= WHAT YOU WILL DO =
Reproduce the listing below exactly, beginning with its first line and ending with the line that holds "Length unit declared in the file: inch"; pictures are not part of the copy.

= SOURCE RECORDS =
● ● ● ● ● ● ●

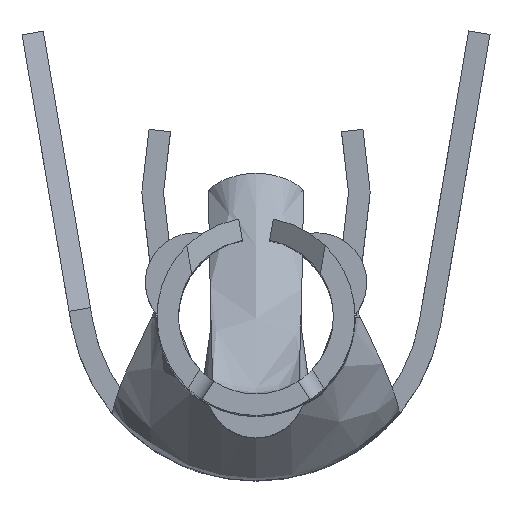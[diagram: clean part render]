
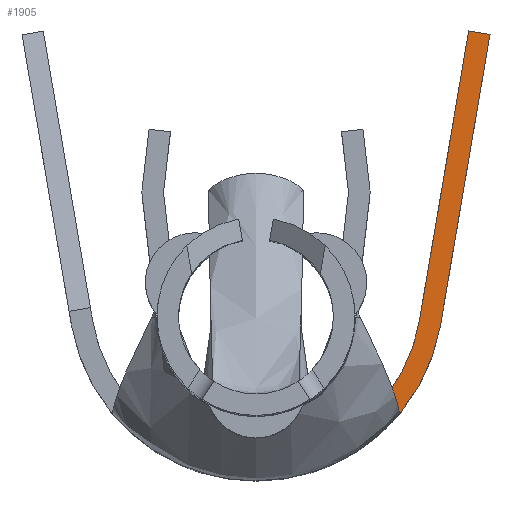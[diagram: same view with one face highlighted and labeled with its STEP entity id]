
A CAD part, top view. The second image highlights one B-rep face of the part: STEP entity #1905.
In plain terms, the highlighted planar face has unit normal (0, 0, 1).
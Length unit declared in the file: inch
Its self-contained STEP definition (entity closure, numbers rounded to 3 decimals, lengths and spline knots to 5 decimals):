
#128 = ORIENTED_EDGE ( 'NONE', *, *, #5279, .T. ) ;
#130 = DIRECTION ( 'NONE',  ( 1., 0., 0. ) ) ;
#196 = VECTOR ( 'NONE', #851, 39.37008 ) ;
#263 = EDGE_LOOP ( 'NONE', ( #5475, #4705, #4648, #664, #4363, #128 ) ) ;
#352 = CARTESIAN_POINT ( 'NONE',  ( 0.07408, -0.04055, -0.753 ) ) ;
#388 = CARTESIAN_POINT ( 'NONE',  ( 0.07813, -0.04693, -0.753 ) ) ;
#491 = EDGE_CURVE ( 'NONE', #5267, #4732, #4235, .T. ) ;
#616 = PLANE ( 'NONE',  #2700 ) ;
#664 = ORIENTED_EDGE ( 'NONE', *, *, #2670, .T. ) ;
#715 = DIRECTION ( 'NONE',  ( 0.168, 0.986, 0. ) ) ;
#851 = DIRECTION ( 'NONE',  ( -0.986, 0.168, 0. ) ) ;
#875 = CARTESIAN_POINT ( 'NONE',  ( 0.0774, -0.04519, -0.753 ) ) ;
#1024 = DIRECTION ( 'NONE',  ( -0.168, -0.986, 0. ) ) ;
#1125 = AXIS2_PLACEMENT_3D ( 'NONE', #5940, #1547, #3514 ) ;
#1129 = VECTOR ( 'NONE', #715, 39.37008 ) ;
#1348 = CARTESIAN_POINT ( 'NONE',  ( 0.07639, -0.04323, -0.753 ) ) ;
#1374 = CARTESIAN_POINT ( 'NONE',  ( 0., 0.014, -0.753 ) ) ;
#1471 = AXIS2_PLACEMENT_3D ( 'NONE', #1374, #3342, #5283 ) ;
#1547 = DIRECTION ( 'NONE',  ( 0., 0., 1. ) ) ;
#1582 = CARTESIAN_POINT ( 'NONE',  ( 0.07408, -0.04055, -0.753 ) ) ;
#1827 = CARTESIAN_POINT ( 'NONE',  ( 0.07549, -0.04196, -0.753 ) ) ;
#1862 = CARTESIAN_POINT ( 'NONE',  ( 0.07927, -0.05018, -0.753 ) ) ;
#1905 = ADVANCED_FACE ( 'NONE', ( #5005 ), #616, .T. ) ;
#2002 = B_SPLINE_CURVE_WITH_KNOTS ( 'NONE', 3,
 ( #352, #2320, #4276, #6231, #1827, #3793, #5732, #1348, #3317, #5258, #875, #2837, #4783, #388, #2354, #4308, #6264, #1862, #3829, #5773 ),
 .UNSPECIFIED., .F., .F.,
 ( 4, 2, 2, 2, 1, 2, 2, 1, 2, 2, 4 ),
 ( 0., 0.125, 0.1875, 0.25, 0.375, 0.4375, 0.5, 0.625, 0.6875, 0.75, 1. ),
 .UNSPECIFIED. ) ;
#2172 = CARTESIAN_POINT ( 'NONE',  ( 0.08, -0.05245, -0.753 ) ) ;
#2221 = CARTESIAN_POINT ( 'NONE',  ( 0.11817, 0.16, -0.753 ) ) ;
#2320 = CARTESIAN_POINT ( 'NONE',  ( 0.07451, -0.04092, -0.753 ) ) ;
#2354 = CARTESIAN_POINT ( 'NONE',  ( 0.07845, -0.04779, -0.753 ) ) ;
#2450 = CARTESIAN_POINT ( 'NONE',  ( 0.10253, -0.00345, -0.753 ) ) ;
#2580 = CARTESIAN_POINT ( 'NONE',  ( 0.07375, -0.05373, -0.753 ) ) ;
#2670 = EDGE_CURVE ( 'NONE', #2955, #5267, #2002, .T. ) ;
#2700 = AXIS2_PLACEMENT_3D ( 'NONE', #2580, #4532, #130 ) ;
#2837 = CARTESIAN_POINT ( 'NONE',  ( 0.07756, -0.04555, -0.753 ) ) ;
#2955 = VERTEX_POINT ( 'NONE', #1582 ) ;
#3020 = CARTESIAN_POINT ( 'NONE',  ( 0.13, 0.15799, -0.753 ) ) ;
#3161 = LINE ( 'NONE', #5109, #1129 ) ;
#3291 = LINE ( 'NONE', #5233, #196 ) ;
#3317 = CARTESIAN_POINT ( 'NONE',  ( 0.07677, -0.04389, -0.753 ) ) ;
#3342 = DIRECTION ( 'NONE',  ( 0., 0., 1. ) ) ;
#3469 = LINE ( 'NONE', #5409, #5856 ) ;
#3514 = DIRECTION ( 'NONE',  ( -1., 0., 0. ) ) ;
#3793 = CARTESIAN_POINT ( 'NONE',  ( 0.07581, -0.04237, -0.753 ) ) ;
#3829 = CARTESIAN_POINT ( 'NONE',  ( 0.07964, -0.05131, -0.753 ) ) ;
#4163 = EDGE_CURVE ( 'NONE', #6111, #4819, #3469, .T. ) ;
#4197 = VERTEX_POINT ( 'NONE', #3020 ) ;
#4235 = CIRCLE ( 'NONE', #1471, 0.104 ) ;
#4276 = CARTESIAN_POINT ( 'NONE',  ( 0.07488, -0.04127, -0.753 ) ) ;
#4308 = CARTESIAN_POINT ( 'NONE',  ( 0.07866, -0.0484, -0.753 ) ) ;
#4363 = ORIENTED_EDGE ( 'NONE', *, *, #491, .T. ) ;
#4532 = DIRECTION ( 'NONE',  ( 0., 0., 1. ) ) ;
#4648 = ORIENTED_EDGE ( 'NONE', *, *, #5929, .F. ) ;
#4705 = ORIENTED_EDGE ( 'NONE', *, *, #4163, .T. ) ;
#4714 = CIRCLE ( 'NONE', #1125, 0.092 ) ;
#4732 = VERTEX_POINT ( 'NONE', #2450 ) ;
#4783 = CARTESIAN_POINT ( 'NONE',  ( 0.07784, -0.04619, -0.753 ) ) ;
#4819 = VERTEX_POINT ( 'NONE', #5441 ) ;
#5005 = FACE_OUTER_BOUND ( 'NONE', #263, .T. ) ;
#5109 = CARTESIAN_POINT ( 'NONE',  ( 0.11626, 0.07727, -0.753 ) ) ;
#5233 = CARTESIAN_POINT ( 'NONE',  ( 0.12409, 0.15899, -0.753 ) ) ;
#5258 = CARTESIAN_POINT ( 'NONE',  ( 0.07715, -0.04465, -0.753 ) ) ;
#5267 = VERTEX_POINT ( 'NONE', #2172 ) ;
#5279 = EDGE_CURVE ( 'NONE', #4732, #4197, #3161, .T. ) ;
#5283 = DIRECTION ( 'NONE',  ( 1., 0., 0. ) ) ;
#5409 = CARTESIAN_POINT ( 'NONE',  ( 0.11817, 0.16, -0.753 ) ) ;
#5441 = CARTESIAN_POINT ( 'NONE',  ( 0.0907, -0.00144, -0.753 ) ) ;
#5475 = ORIENTED_EDGE ( 'NONE', *, *, #5725, .T. ) ;
#5725 = EDGE_CURVE ( 'NONE', #4197, #6111, #3291, .T. ) ;
#5732 = CARTESIAN_POINT ( 'NONE',  ( 0.076, -0.04265, -0.753 ) ) ;
#5773 = CARTESIAN_POINT ( 'NONE',  ( 0.08, -0.05245, -0.753 ) ) ;
#5856 = VECTOR ( 'NONE', #1024, 39.37008 ) ;
#5929 = EDGE_CURVE ( 'NONE', #2955, #4819, #4714, .T. ) ;
#5940 = CARTESIAN_POINT ( 'NONE',  ( 0., 0.014, -0.753 ) ) ;
#6111 = VERTEX_POINT ( 'NONE', #2221 ) ;
#6231 = CARTESIAN_POINT ( 'NONE',  ( 0.07533, -0.04177, -0.753 ) ) ;
#6264 = CARTESIAN_POINT ( 'NONE',  ( 0.07879, -0.04876, -0.753 ) ) ;

● ● ● ● ● ● ●

= OUTPUT FOR THIS EXERCISE =
[diagram: clean part render]
[diagram: same view with one face highlighted and labeled with its STEP entity id]
A CAD part, top view. The second image highlights one B-rep face of the part: STEP entity #1905.
In plain terms, the highlighted planar face has unit normal (0, 0, 1).
Length unit declared in the file: inch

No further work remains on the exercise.